Records from a data collection:
#####
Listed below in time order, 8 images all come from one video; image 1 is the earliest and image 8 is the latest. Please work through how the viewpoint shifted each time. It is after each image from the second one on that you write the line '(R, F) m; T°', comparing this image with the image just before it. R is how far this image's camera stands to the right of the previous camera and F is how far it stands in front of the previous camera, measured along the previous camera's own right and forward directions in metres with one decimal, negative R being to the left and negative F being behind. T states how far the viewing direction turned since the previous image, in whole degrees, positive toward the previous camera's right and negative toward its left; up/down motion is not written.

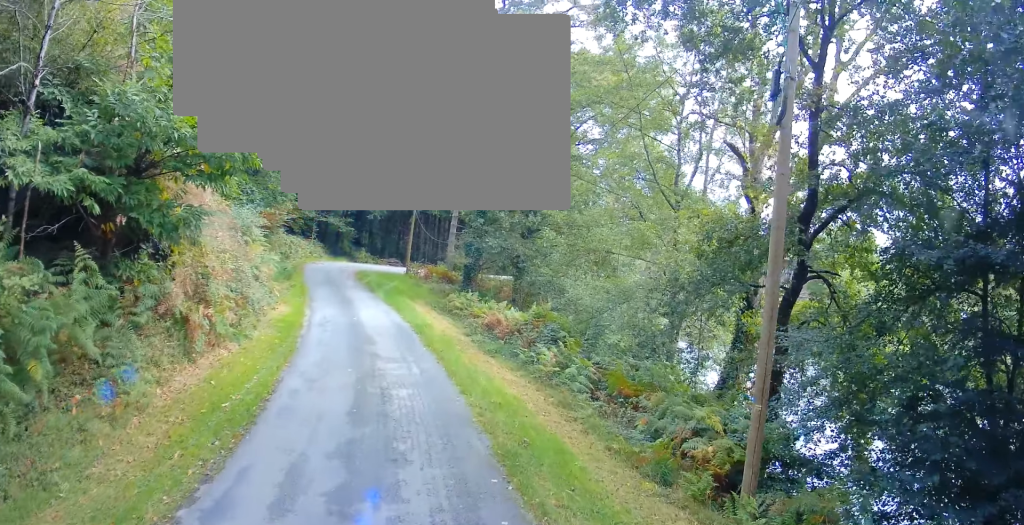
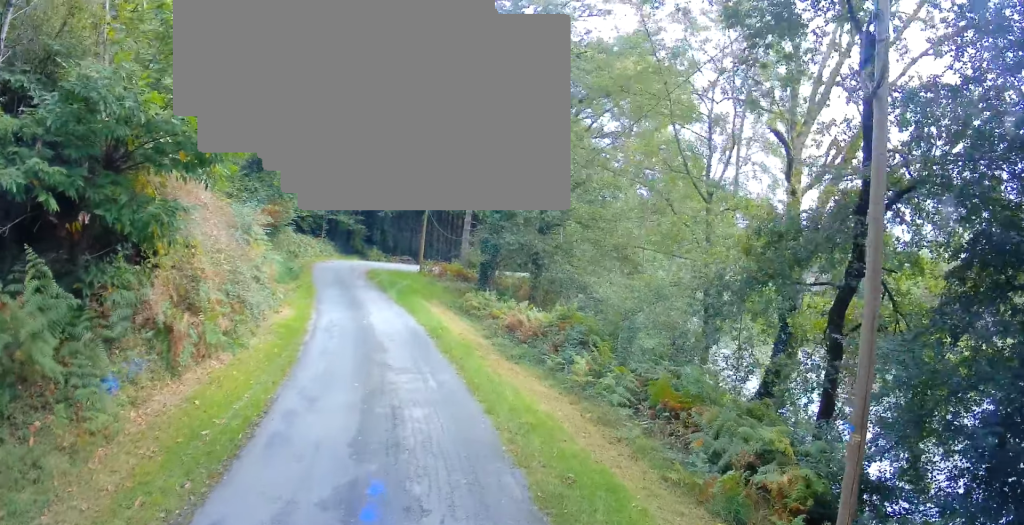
(0.0, +1.3) m; 0°
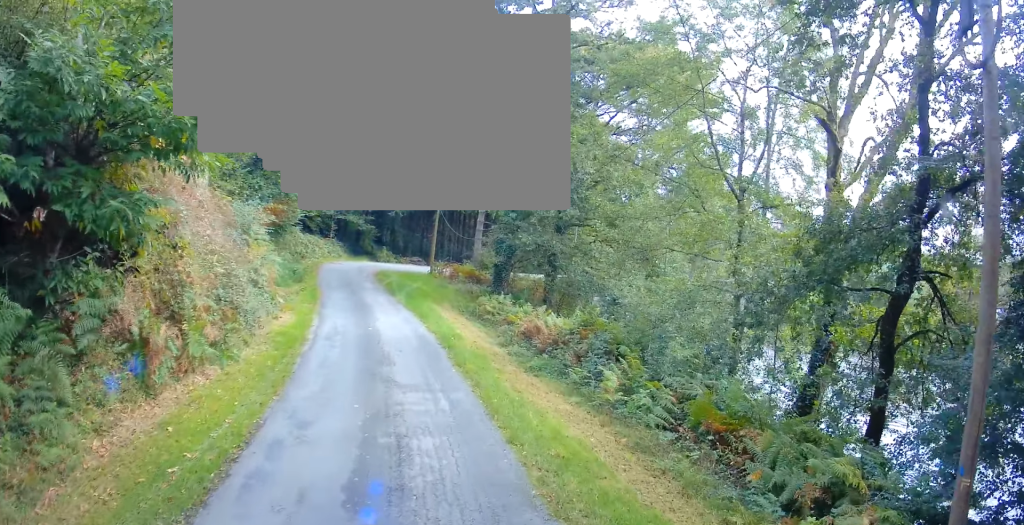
(0.0, +1.0) m; 0°
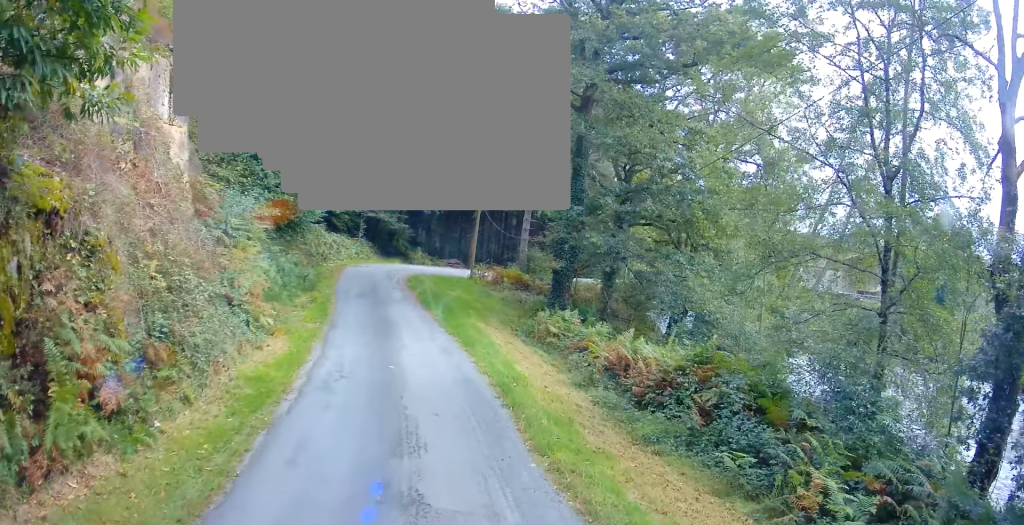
(0.0, +3.6) m; -2°
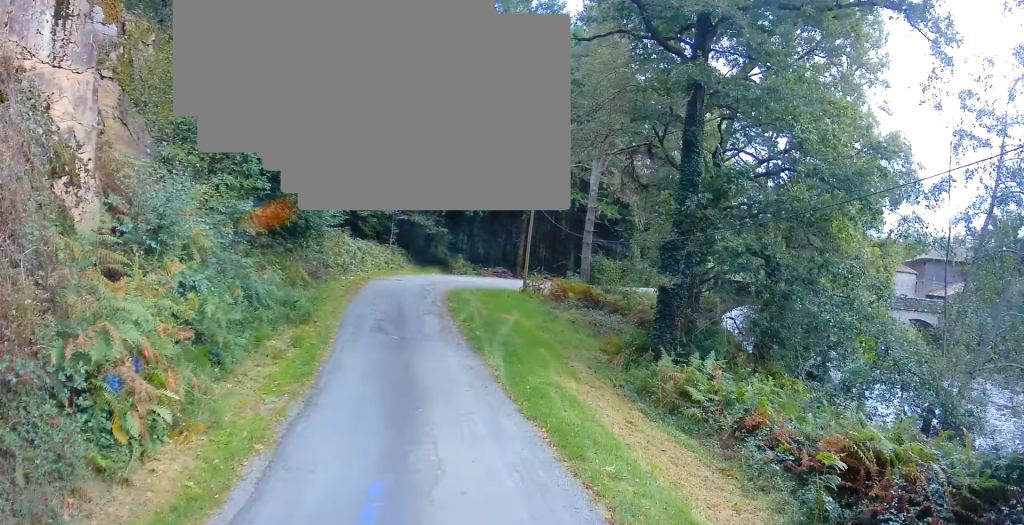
(-0.1, +5.7) m; -4°
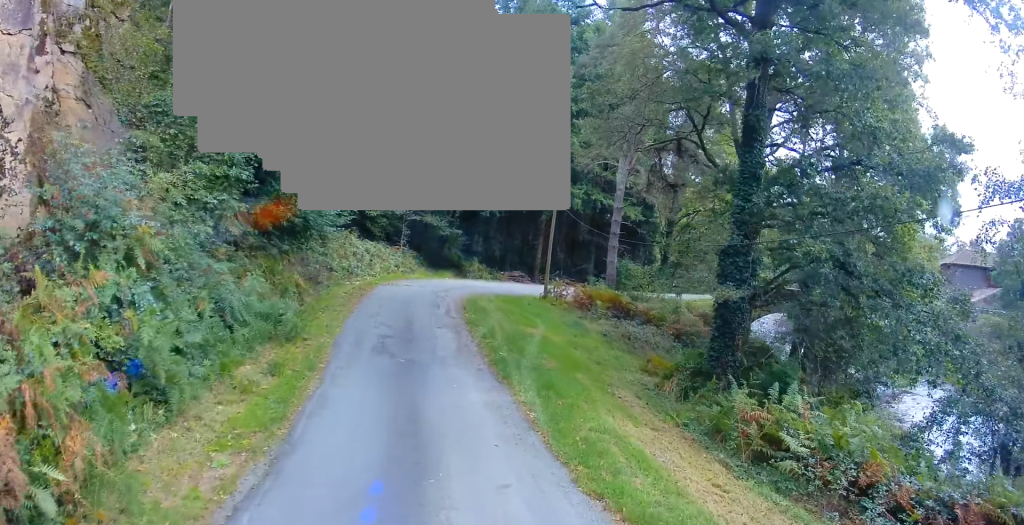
(-0.1, +2.4) m; -1°
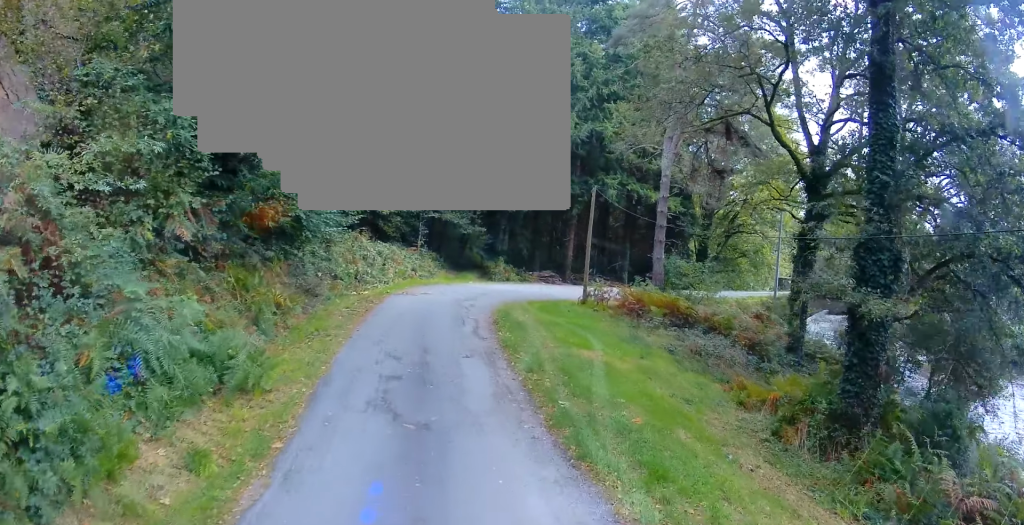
(-0.2, +4.0) m; -1°
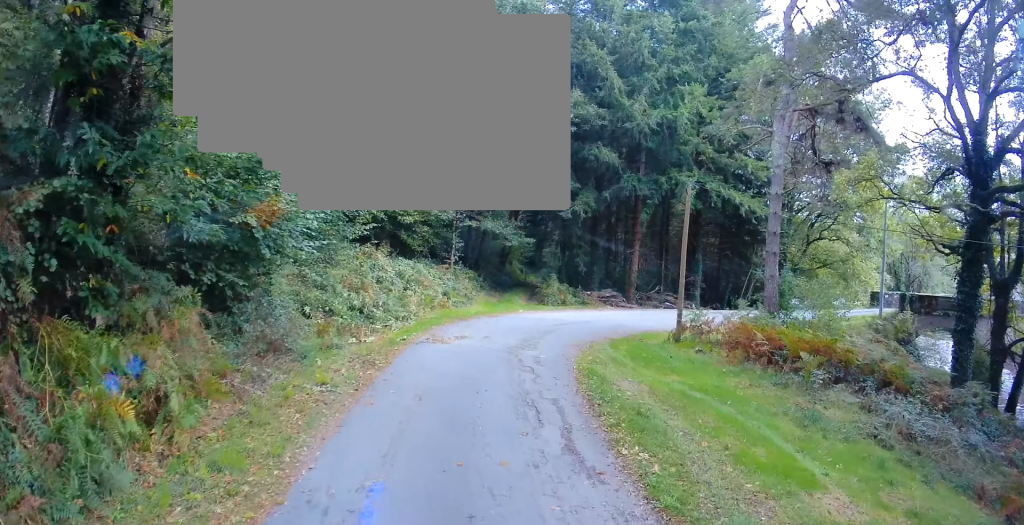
(-0.3, +7.2) m; -1°
#####
In your copy of the entries above, keep the text exact and leave out the pictures.

Listed below in time order, 8 images all come from one video; image 1 is the earliest and image 8 is the latest. Please work through how the viewpoint shifted each time. It is after each image from the second one on that you write the line '(R, F) m; T°', comparing this image with the image just before it. R is how far this image's camera stands to the right of the previous camera and F is how far it stands in front of the previous camera, measured along the previous camera's own right and forward directions in metres with one decimal, negative R being to the left and negative F being behind. T states how far the viewing direction turned since the previous image, in whole degrees, positive toward the previous camera's right and negative toward its left; up/down motion is not written.

(0.0, +1.3) m; 0°
(0.0, +1.0) m; 0°
(0.0, +3.6) m; -2°
(-0.1, +5.7) m; -4°
(-0.1, +2.4) m; -1°
(-0.2, +4.0) m; -1°
(-0.3, +7.2) m; -1°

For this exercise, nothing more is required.